VSM: The VSM (Vector Space Model) was used to represent cities in terms of their related tags. In the VSM each city is represented by a vector in an n-dimensional space, where n is the number of distinct tags, whose components are weighted according to tag frequency.Of course, as tags which are too popular tend to be more widespread and thus less informative, frequency is normalized using the TF-IDF approach, which normalizes a TF (Term Frequency) with an IDF (Inverse Document Frequency) factor. This takes into account the number of documents containing that term (in our case, the number of cities for whose photos a given tag has been used).

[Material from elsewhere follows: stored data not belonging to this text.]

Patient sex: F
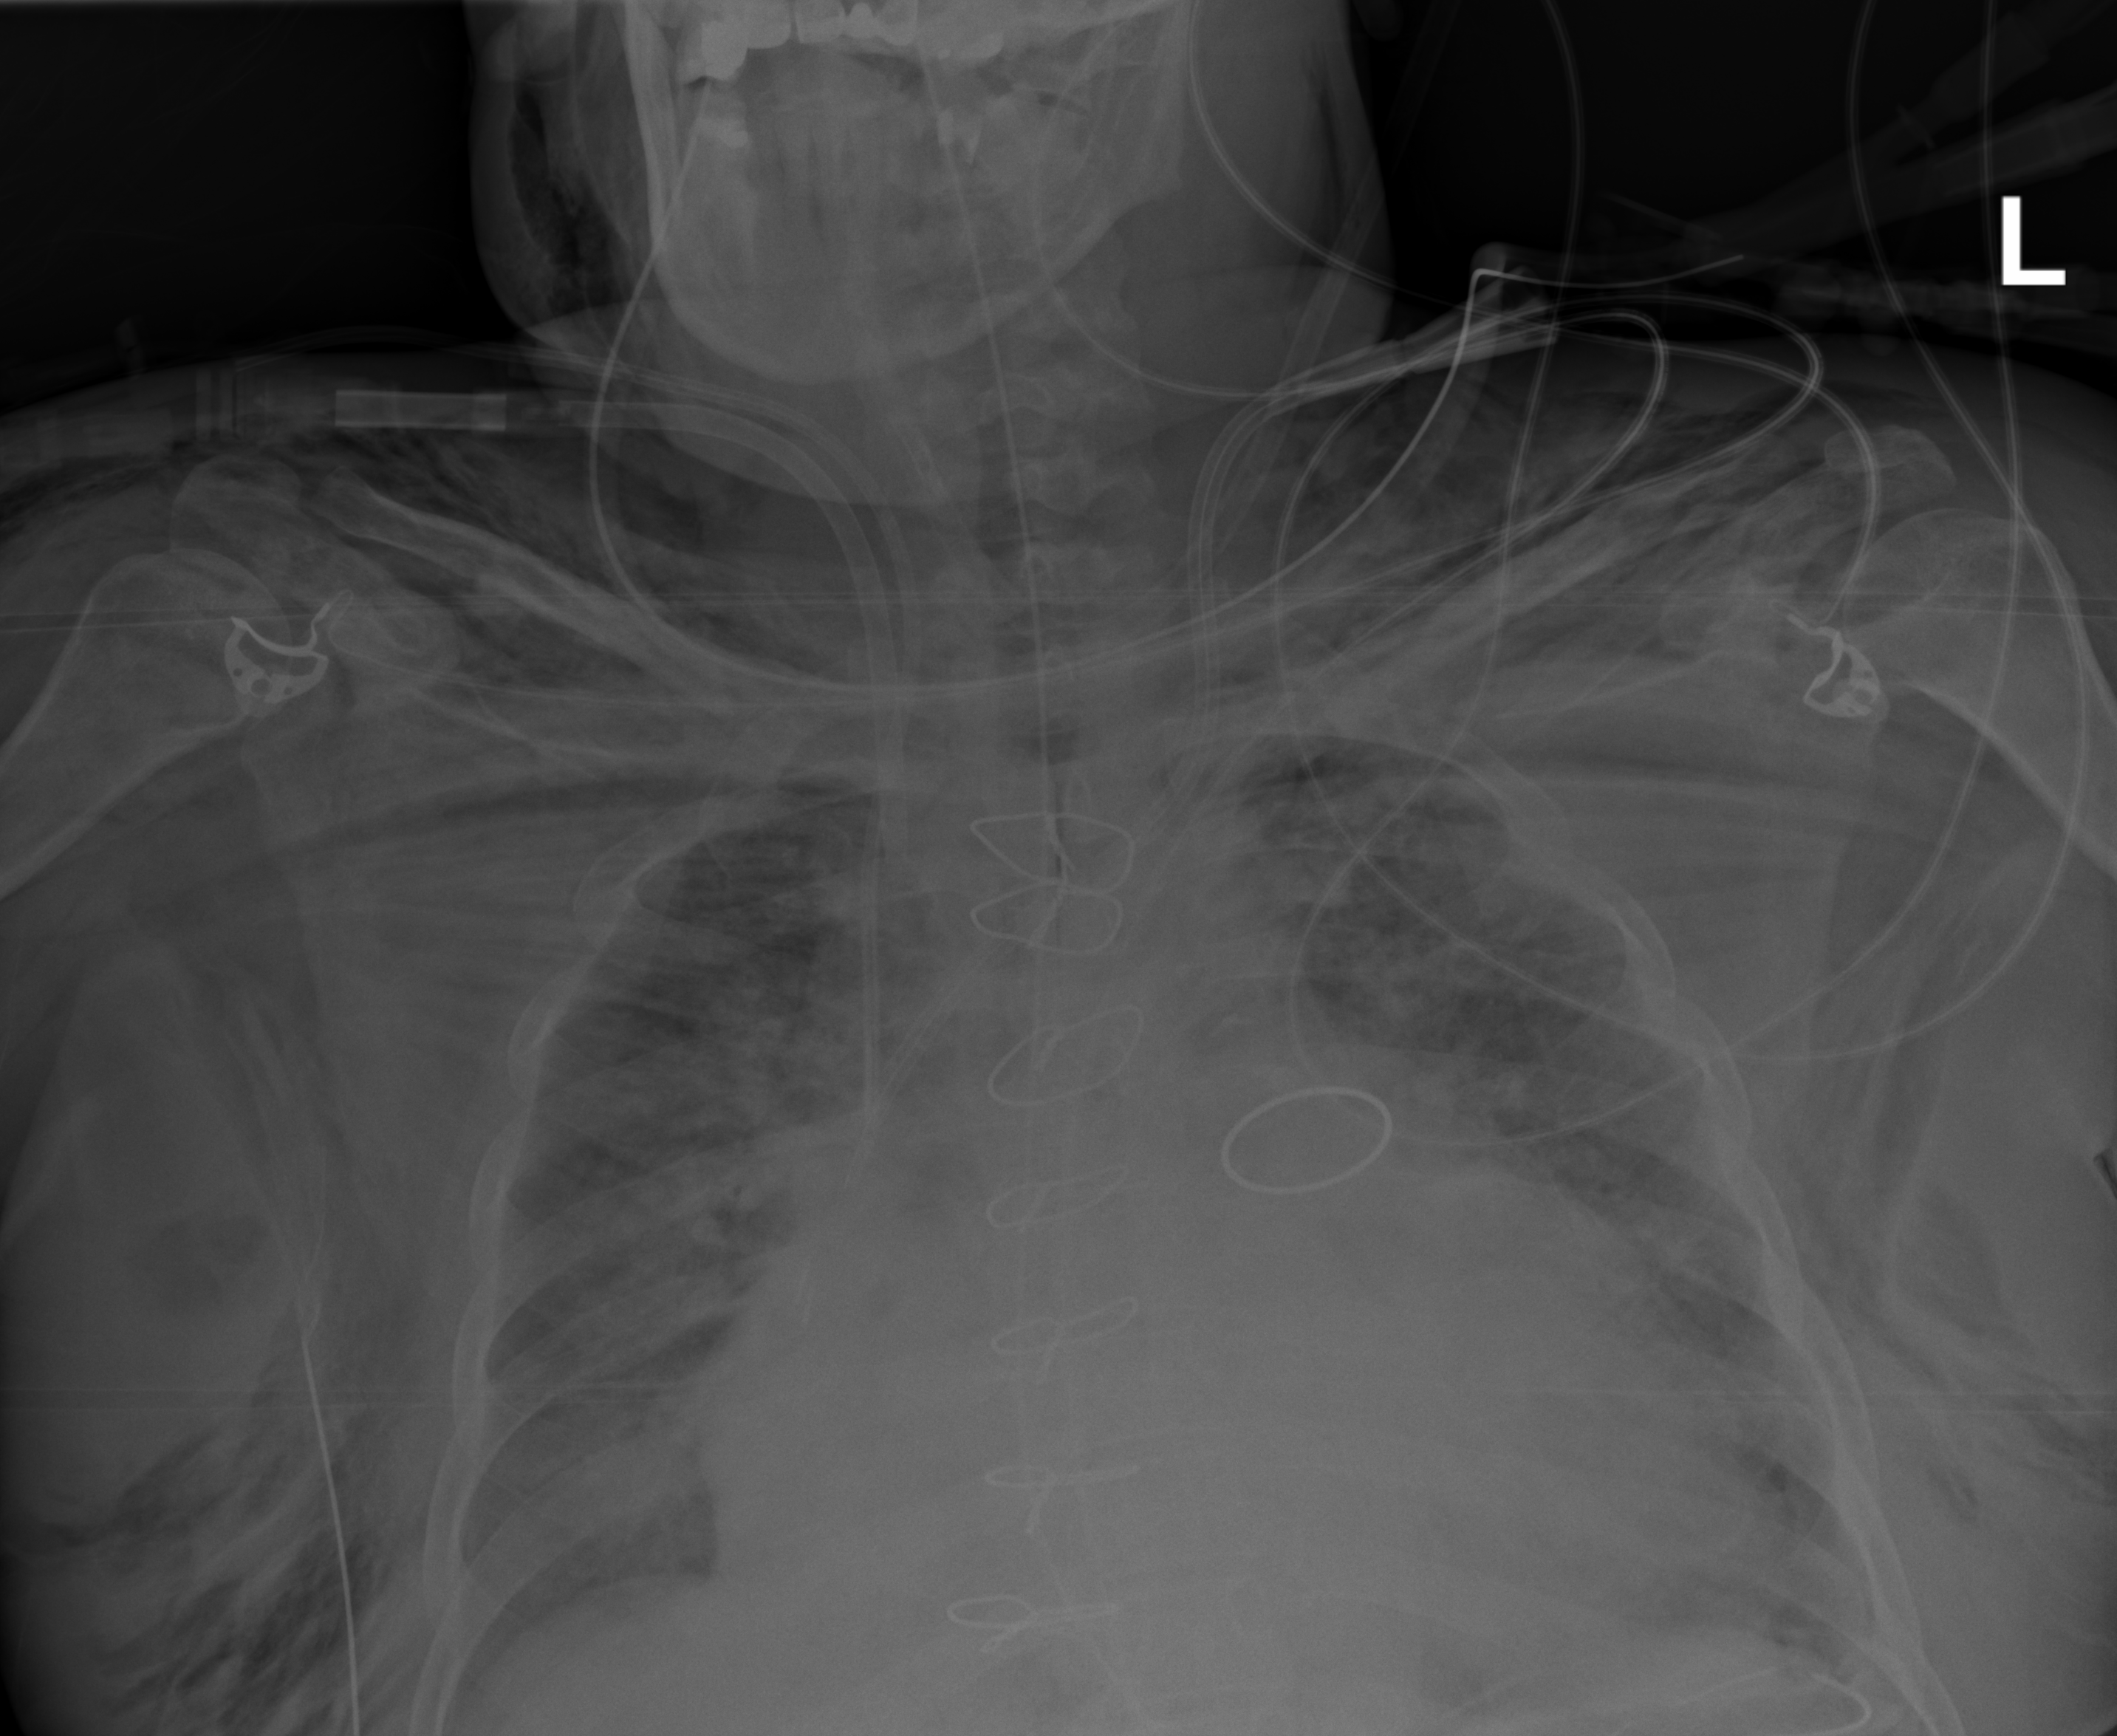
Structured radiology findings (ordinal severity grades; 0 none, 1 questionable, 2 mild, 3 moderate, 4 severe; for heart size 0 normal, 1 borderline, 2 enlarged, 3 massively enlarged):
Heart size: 3
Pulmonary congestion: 3
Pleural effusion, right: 0
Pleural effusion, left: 0
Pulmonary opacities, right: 3
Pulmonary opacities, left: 3
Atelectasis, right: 2
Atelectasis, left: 2
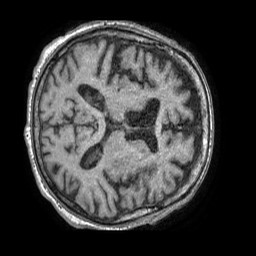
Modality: T1w
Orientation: axial
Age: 73
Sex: male
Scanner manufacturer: philips
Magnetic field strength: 1.5 T
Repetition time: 0.008018 s
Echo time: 0.003693 s
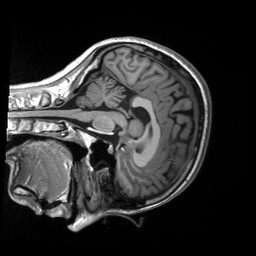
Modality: T1w
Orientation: sagittal
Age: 35
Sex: female
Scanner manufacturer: siemens
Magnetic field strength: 3 T
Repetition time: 2.53 s
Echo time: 0.00219 s
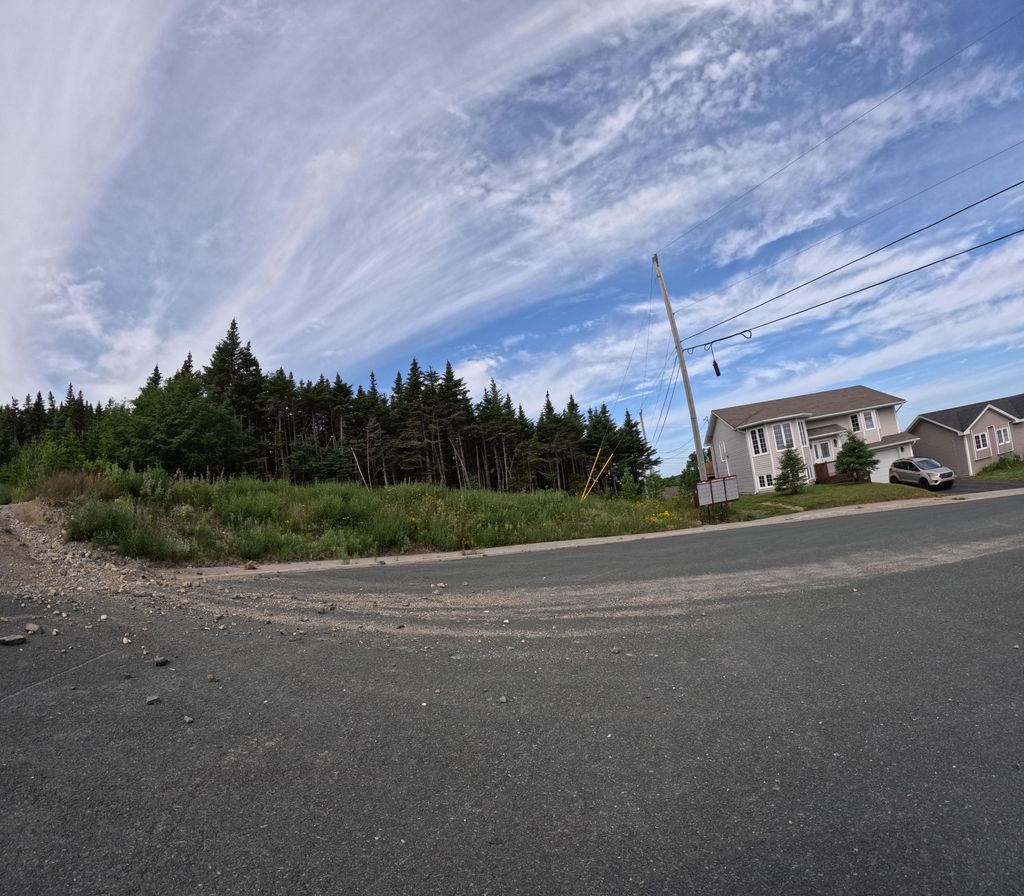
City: st_johns
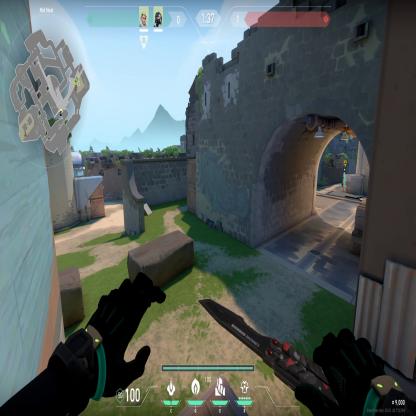
Label: teammate
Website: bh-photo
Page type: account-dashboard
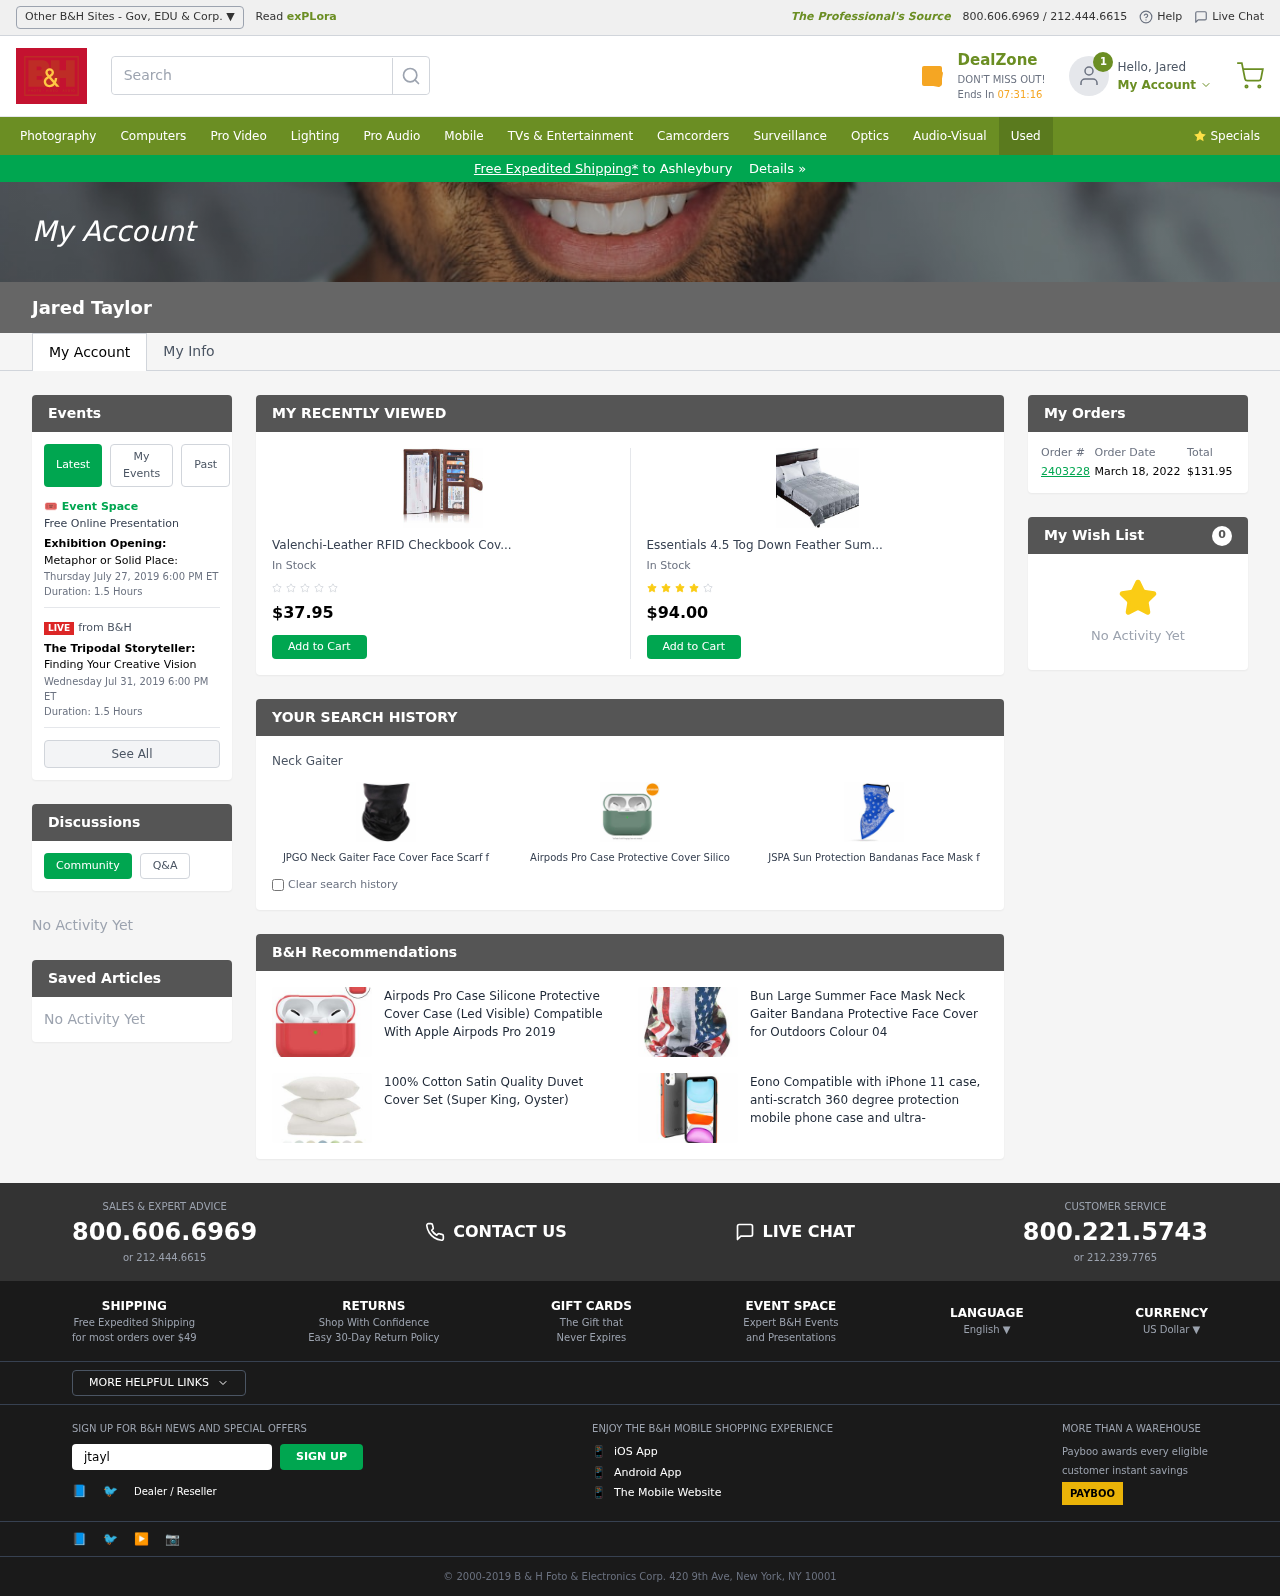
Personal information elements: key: PII_CITY
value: Ashleybury
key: PII_EMAIL
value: jtaylor@yahoo.com
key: PII_FIRSTNAME
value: Jared
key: PII_FULLNAME
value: Jared Taylor
Product elements: key: PRODUCT1_NAME
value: Valenchi-Leather RFID Checkbook Cover for Men and Women-Duplicate Checks RFID Card Standard Register
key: PRODUCT1_PRICE
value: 37.95
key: PRODUCT2_NAME
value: Essentials 4.5 Tog Down Feather Summer Duvet Light Weight Satin Blanket,Size Single,Blue
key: PRODUCT2_PRICE
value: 94
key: PRODUCT3_ITEM_CATEGORY
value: Neck Gaiter
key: PRODUCT3_NAME
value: JPGO Neck Gaiter Face Cover Face Scarf for Sun Protection Washable Reusable Balaclava Bandana 1 Piec
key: PRODUCT4_NAME
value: Airpods Pro Case Protective Cover Silicone [Front Led Visible] Ultra-Thin Case Skin Compatible With
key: PRODUCT5_NAME
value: JSPA Sun Protection Bandanas Face Mask for Women Men Teens Seamless Ear Loops Face Balaclava Unisex
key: PRODUCT6_NAME
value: Airpods Pro Case Silicone Protective Cover Case (Led Visible) Compatible With Apple Airpods Pro 2019
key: PRODUCT7_NAME
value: Bun Large Summer Face Mask Neck Gaiter Bandana Protective Face Cover for Outdoors Colour 04
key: PRODUCT8_NAME
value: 100% Cotton Satin Quality Duvet Cover Set (Super King, Oyster)
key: PRODUCT9_NAME
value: Eono Compatible with iPhone 11 case, anti-scratch 360 degree protection mobile phone case and ultra-
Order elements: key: ORDER_ID
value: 2403228
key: ORDER_DATE
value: March 18, 2022
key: ORDER_TOTAL
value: $131.95
Other elements: key: WISHLIST_COUNT
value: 0

Each user judged one (random) city at a time, for a total of twenty distinct cities. For each of them the user was provided results of the four scoring systems, in the form of four lists containing the top-five related cities. After users’ choice of the similarity system the interface posed two questions in order to (i) assess the confidence level of the respondent within the association made (measured on a 1-5 Likert Scale) and assess the willingness of the respondent to recommend the selected cities belonging to the chosen system to someone that visited the main city.In the front end the sections spaces have been allocated to: (1) information about the place taken from Yahoo! GeoPlanet (http://developer.yahoo.com/geo/geoplanet/), which was also used to disambiguate the given city from its homonyms (e.g. in the case or Rome it is possible to have a conflict between Rome in Italy and Rome in Georgia); (2) Map from Yahoo! maps; (3) Instruction on how to complete the survey (a redundancy with the first part of the survey was desired because every users was asked to complete 15 cities); (4) the four systems to be rated (differently from previous experiences the font size was formatted in the same way in order not to influence responders). Since the similarity between two places is based on the similarity of their tag descriptions, users had the possibility to check the tags in common between two cities simply clicking on the name of the city. This is clearly a simplification, as the adopted similarity metrics were not based on a simple term match. It was considered useful to provide a rough idea of why two cities had been considered similar.
The best system according to users (Figure 2) is system C (n=92 preferences). System C was the random dataset based on picture information (IDFP). Then system B (n=66 preferences) the random dataset, standard IDF along with System D (n=63 preferences) the random dataset based on picture users (IDFU). The last system was system A (n=53 preferences) created with knowledge gathered by the Top100 dataset. Non valid answers (N) were only 22.37,5 % of the choices have been given with an high or fairly good degree of confidence (Likert scale 4 and 5) , while 34,8% of the choices have been selected with a low or fairly low degree of confidence (Likert scale 1 and 2).
Furthermore, it was asked to the users if they were willing to recommend the selected cities within the selected system to someone that visited the main city: what is noticeable is that aggregating the average, fairly good and high degree of choice confidence (Likert scale values 3, 4 and 5 – 65,2% of the observations) it is possible to define a degree of recommendation of 56.7% (Figure 3).